Briers v Briers [2017] EWCA Civ 15

23 November 2016

Summary

Facts:

  • The parties married in 1984 and separated in 2002. During the marriage, H started a sportswear trading business. When the parties separated, W took no further part in the business.
  • Decree absolute was pronounced in 2005 after protracted negotiations. While the parties reorganised their finances, no orders were made at that time.
  • In 2013, W applied for financial remedies H argued that there had been an agreement reached in 2005.
  • On 6 May 2015, HHJ Rogers found that there had not been a full and final settlement. W had only accepted the proposed deal on the condition that H provided full disclosure, which he had not. Further, H drove the negotiations.
  • HHJ Rogers made an order that H pay a lump sum of £1.6m to W in four instalments over two and a half years, and to transfer 25% of his Standard Life pension, policy and shares to W
  • H appealed on the basis that (a) the judge had erred in not finding that there had been an agreement, and (b) that W’s delay in issuing proceedings had not been appropriately considered. He submitted that the appropriate order should be a lump sum of £500,000.

Held:

  • The question as to whether an agreement was reached was dominated by the evidence of the parties. An appeal court would be very slow to interfere with findings of fact made by a judge that had been able to assess the parties and their evidence.
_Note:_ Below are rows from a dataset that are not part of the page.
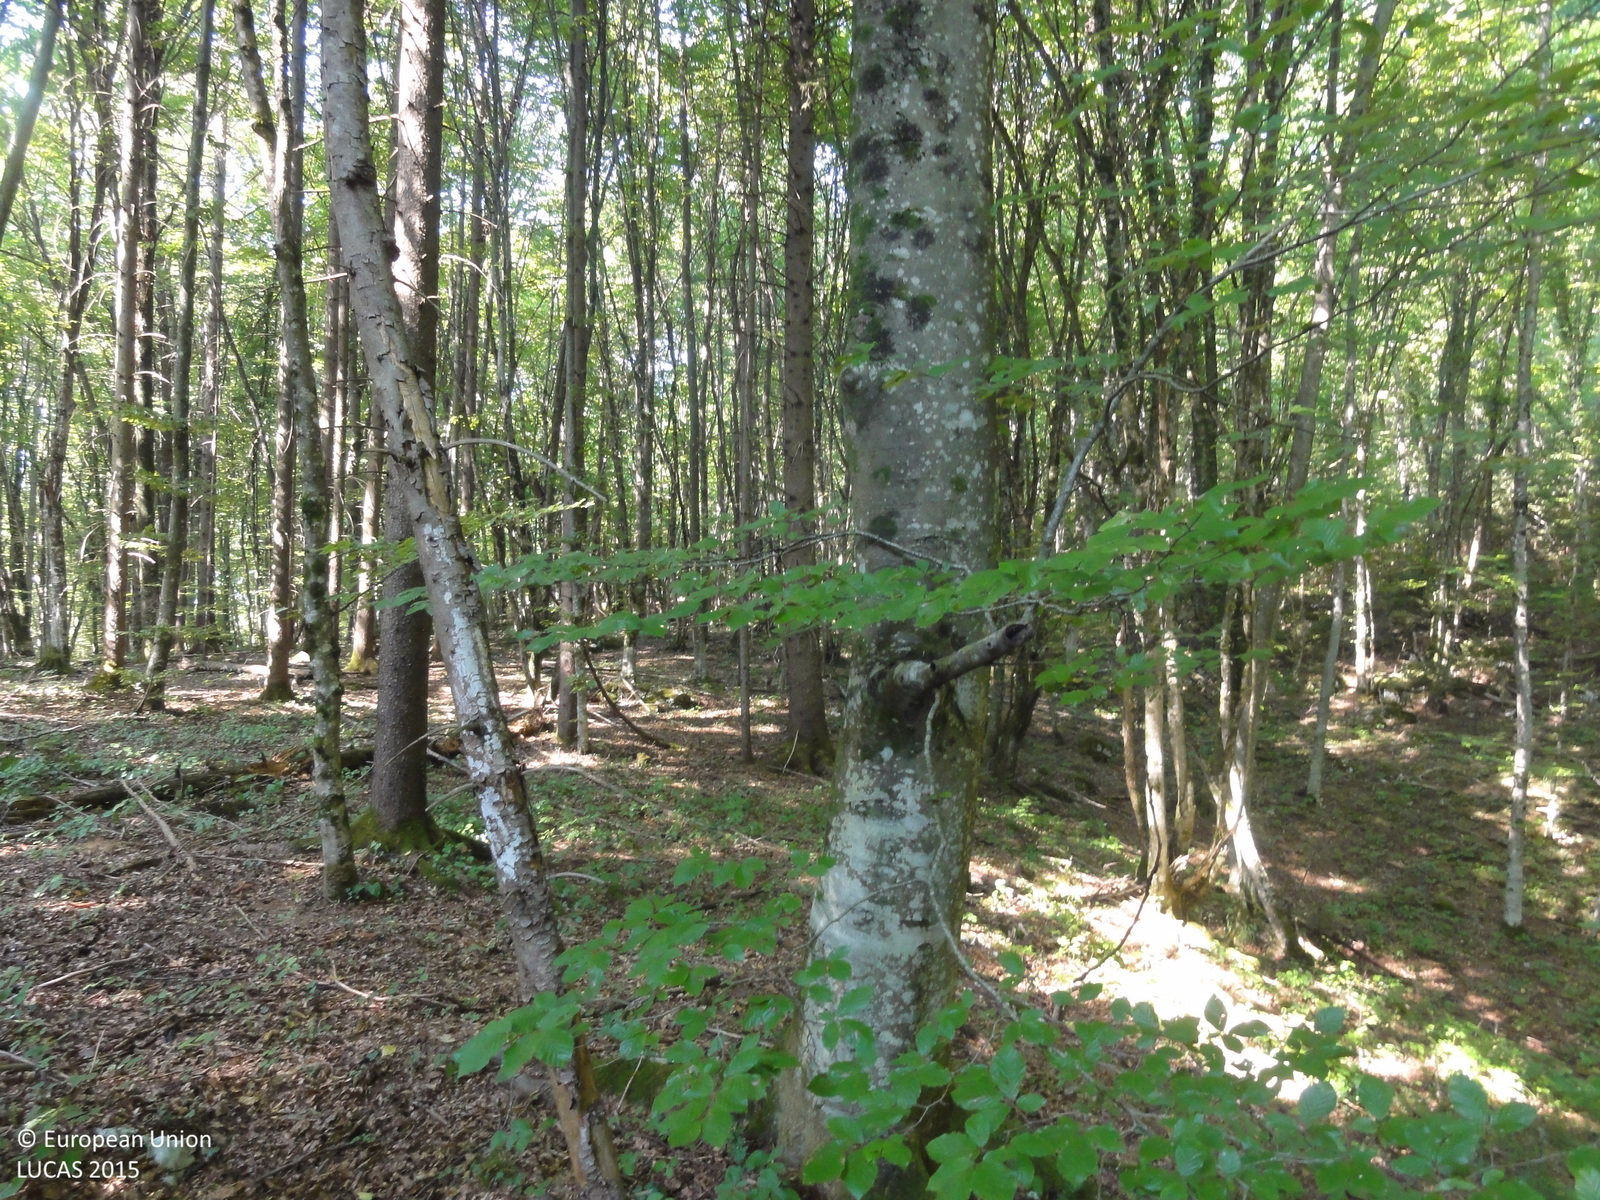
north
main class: Woodland
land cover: Broadleaved woodland
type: beech forest
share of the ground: > 75 %
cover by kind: broadleaved forest trees 85 %, coniferous forest trees 15 %
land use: Forestry
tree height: > 5 m
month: August
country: SI
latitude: 45.8346
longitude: 15.0560

The trial judge formed a robust view of the parties and their relationship. He decided H was in psychological control. H failed to provide full disclosure to W and the court. The Court of Appeal would not interfere with the finding that W had required full and frank disclosure before reaching an agreement. As there was no such disclosure, this was sufficient to determine that there was no agreement.
  • H’s argument as to prejudice was rejected. There were two possible sources of prejudice: the recollection of witnesses and the existence of documents and the ordering of the parties’ affairs over time. The former was not relevant and the latter was clear; H took responsibility for the company, and W took responsibility for the family.
  • A delayed application does not put the burden on the applicant to justify any distributive remedy. Delay, its explanation and effect, is an additional factor to be considered in such distribution.
  • Fairness includes consideration of entitlement and need. Even when entitlement is considered in the context of marital acquest and post-separation accrual, the genesis of growth may still be a consequence of the fact that it was a matrimonial asset.
  • The parties made equal contributions to the marriage before separation, and W played an important role in the business. W subsequently contributed after separation as the primary carer of the children. The value of the business was not to be taken at separation, as that gave no effect to W’s entitlement in the business as an undivided matrimonial asset. It was correct to take the current valuation and discount W’s entitlement; the award of 27-30% of the overall assets to reflect the delay was upheld.